Eighty-nine isolates of Neisseria gonorrhoeae from 89 male urethritis patients were studied for beta-lactamases (penicillinase) production, and their susceptibilities to benzylpenicillin, amoxicillin, piperacillin, clavulanic acid/amoxicillin (Augmentin), cephalexin, cefotaxime, spectinomycin and minocycline were determined by an agar plate-dilution method. Penicillinase activity was tested by a chromogenic cephalosporin method with nitrocefin as substrate (CefinaseTM discs, BBL, USA) and by a paper strip acidimetric method with benzylpenicillin as substrate (beta-Lactamase detection papers, Oxoid, UK). In addition, 60 of the 89 patients were examined for Chlamydia trachomatis, using fluorescein-labeled monoclonal antibodies (Direct specimen test; Micro TrakTM, Syva Co., USA). Penicillinase-producing N. gonorrhoeae (PPNG) were found in 12 of the 89 strains (13.5%). Although all these strains of PPNG were highly resistant to benzylpenicillin and amoxicillin, the minimum inhibitory concentrations (MICs) of Augmentin markedly decreased. Piperacillin was highly active against not only non-PPNG but also PPNG strains. More than half the isolates were resistant to cephalexin (MICs greater than or equal to 12.5 micrograms/ml) while all strains including non-PPNG and PPNG were fully sensitive to cefotaxime (MICs less than or equal to 0.20 microgram/ml). Spectinomycin and minocycline had MIC ranges of 6.25 to 25 micrograms/ml and 0.01 to 3.13 micrograms/ml, respectively; the ranges for non-PPNG and PPNG strains were fairly similar. C. trachomatis was detected in 11 (18.3%) out of 60 patients examined. The increasing incidence of PPNG and coexisting chlamydial infection should be taken into account in the treatment of gonococcal urethritis.

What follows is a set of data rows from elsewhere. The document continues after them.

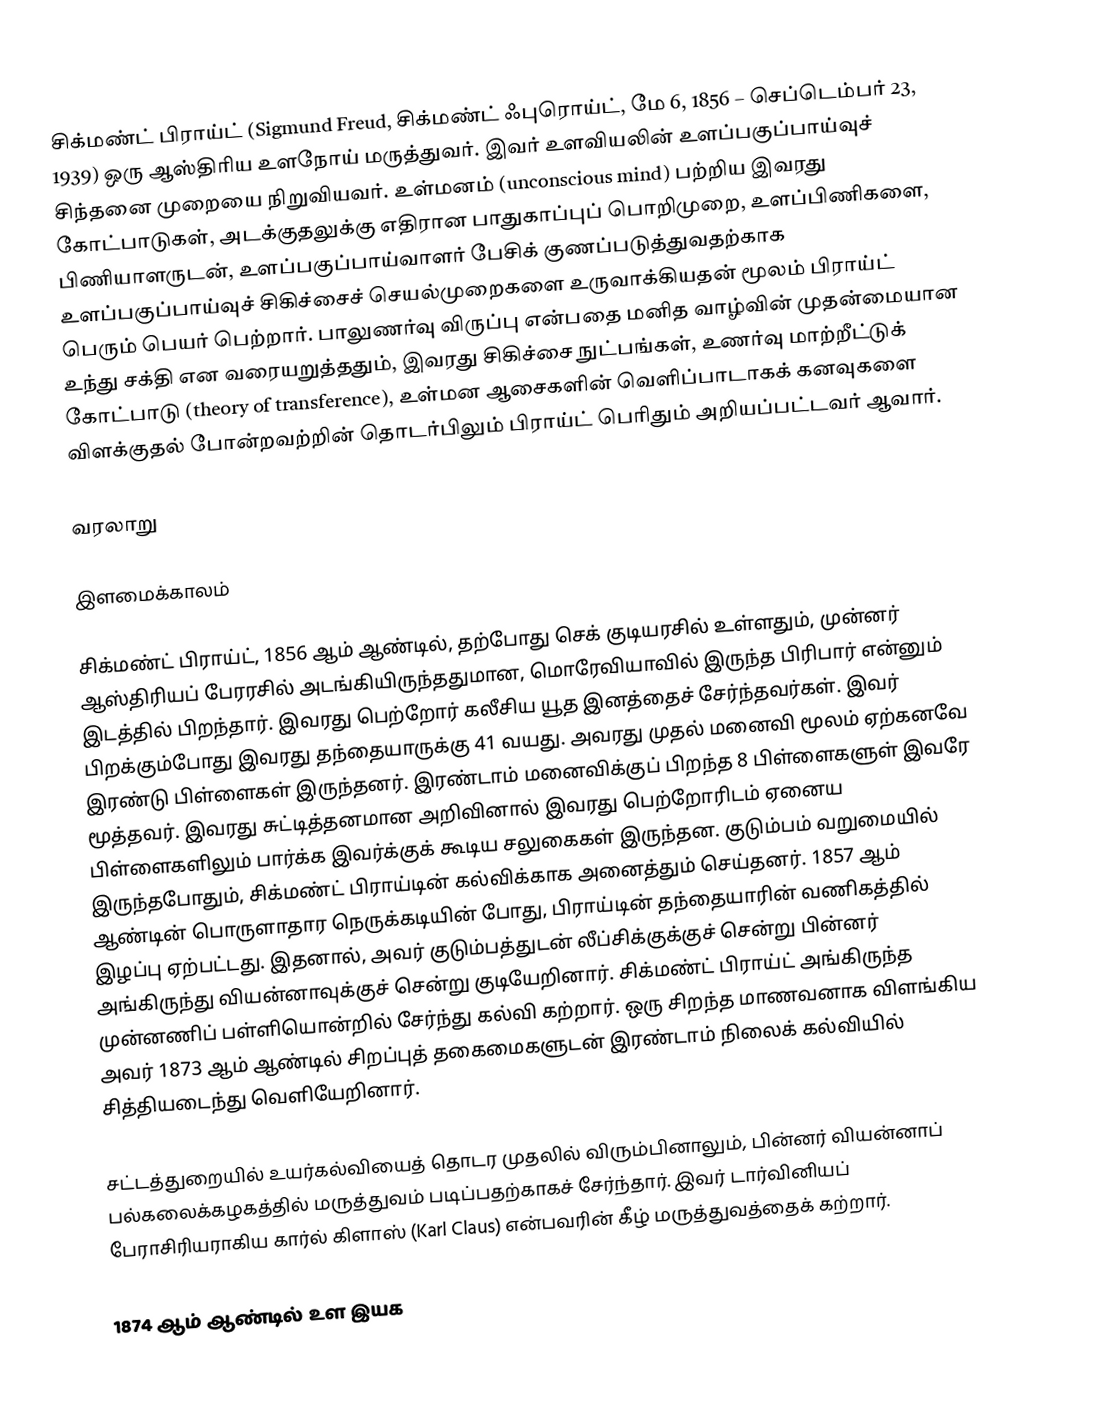
சிக்மண்ட் பிராய்ட் (Sigmund Freud, சிக்மண்ட் ஃபுரொய்ட், மே 6, 1856 – செப்டெம்பர் 23, 1939) ஒரு ஆஸ்திரிய உளநோய் மருத்துவர். இவர் உளவியலின் உளப்பகுப்பாய்வுச் சிந்தனை முறையை நிறுவியவர். உள்மனம் (unconscious mind) பற்றிய இவரது கோட்பாடுகள், அடக்குதலுக்கு எதிரான பாதுகாப்புப் பொறிமுறை, உளப்பிணிகளை, பிணியாளருடன், உளப்பகுப்பாய்வாளர் பேசிக் குணப்படுத்துவதற்காக உளப்பகுப்பாய்வுச் சிகிச்சைச் செயல்முறைகளை உருவாக்கியதன் மூலம் பிராய்ட் பெரும் பெயர் பெற்றார். பாலுணர்வு விருப்பு என்பதை மனித வாழ்வின் முதன்மையான உந்து சக்தி என வரையறுத்ததும், இவரது சிகிச்சை நுட்பங்கள், உணர்வு மாற்றீட்டுக் கோட்பாடு (theory of transference), உள்மன ஆசைகளின் வெளிப்பாடாகக் கனவுகளை விளக்குதல் போன்றவற்றின் தொடர்பிலும் பிராய்ட் பெரிதும் அறியப்பட்டவர் ஆவார்.

வரலாறு

இளமைக்காலம்

சிக்மண்ட் பிராய்ட், 1856 ஆம் ஆண்டில், தற்போது செக் குடியரசில் உள்ளதும், முன்னர் ஆஸ்திரியப் பேரரசில் அடங்கியிருந்ததுமான, மொரேவியாவில் இருந்த பிரிபார் என்னும் இடத்தில் பிறந்தார். இவரது பெற்றோர் கலீசிய யூத இனத்தைச் சேர்ந்தவர்கள். இவர் பிறக்கும்போது இவரது தந்தையாருக்கு 41 வயது. அவரது முதல் மனைவி மூலம் ஏற்கனவே இரண்டு பிள்ளைகள் இருந்தனர். இரண்டாம் மனைவிக்குப் பிறந்த 8 பிள்ளைகளுள் இவரே மூத்தவர். இவரது சுட்டித்தனமான அறிவினால் இவரது பெற்றோரிடம் ஏனைய பிள்ளைகளிலும் பார்க்க இவர்க்குக் கூடிய சலுகைகள் இருந்தன. குடும்பம் வறுமையில் இருந்தபோதும், சிக்மண்ட் பிராய்டின் கல்விக்காக அனைத்தும் செய்தனர். 1857 ஆம் ஆண்டின் பொருளாதார நெருக்கடியின் போது, பிராய்டின் தந்தையாரின் வணிகத்தில் இழப்பு ஏற்பட்டது. இதனால், அவர் குடும்பத்துடன் லீப்சிக்குக்குச் சென்று பின்னர் அங்கிருந்து வியன்னாவுக்குச் சென்று குடியேறினார். சிக்மண்ட் பிராய்ட் அங்கிருந்த முன்னணிப் பள்ளியொன்றில் சேர்ந்து கல்வி கற்றார். ஒரு சிறந்த மாணவனாக விளங்கிய அவர் 1873 ஆம் ஆண்டில் சிறப்புத் தகைமைகளுடன் இரண்டாம் நிலைக் கல்வியில் சித்தியடைந்து வெளியேறினார்.

சட்டத்துறையில் உயர்கல்வியைத் தொடர முதலில் விரும்பினாலும், பின்னர் வியன்னாப் பல்கலைக்கழகத்தில் மருத்துவம் படிப்பதற்காகச் சேர்ந்தார். இவர் டார்வினியப் பேராசிரியராகிய கார்ல் கிளாஸ் (Karl Claus) என்பவரின் கீழ் மருத்துவத்தைக் கற்றார்.

1874 ஆம் ஆண்டில் உள இயக

对89例男性尿道炎患者分离出的89株淋病奈瑟菌进行了β-内酰胺酶(青霉素酶)产生情况的研究,并采用琼脂平板稀释法测定了它们对苄青霉素、阿莫西林、哌拉西林、克拉维酸/阿莫西林(安灭菌)、头孢氨苄、头孢噻肟、壮观霉素和米诺环素的敏感性。采用以硝基头孢菌素为底物的显色头孢菌素法(CefinaseTM试纸片,美国BBL公司)和以苄青霉素为底物的纸条酸度测定法(β-内酰胺酶检测试纸,英国Oxoid公司)检测青霉素酶活性。此外,对89例患者中的60例使用荧光素标记的单克隆抗体检测沙眼衣原体(直接标本检测;美国Syva公司Micro TrakTM)。89株菌株中有12株(13.5%)为产青霉素酶淋病奈瑟菌(PPNG)。尽管所有这些PPNG菌株对苄青霉素和阿莫西林高度耐药,但安灭菌的最低抑菌浓度(MIC)明显降低。哌拉西林不仅对非PPNG菌株而且对PPNG菌株均具有高活性。超过半数的分离株对头孢氨苄耐药(MIC大于或等于12.5微克/毫升),而包括非PPNG和PPNG在内的所有菌株对头孢噻肟均完全敏感(MIC小于或等于0.20微克/毫升)。壮观霉素和米诺环素的MIC范围分别为6.25至25微克/毫升和0.01至3.13微克/毫升;非PPNG和PPNG菌株的范围相当相似。在60例接受检查的患者中有11例(18.3%)检测到沙眼衣原体。在淋病性尿道炎的治疗中应考虑PPNG发病率的上升和衣原体合并感染的情况。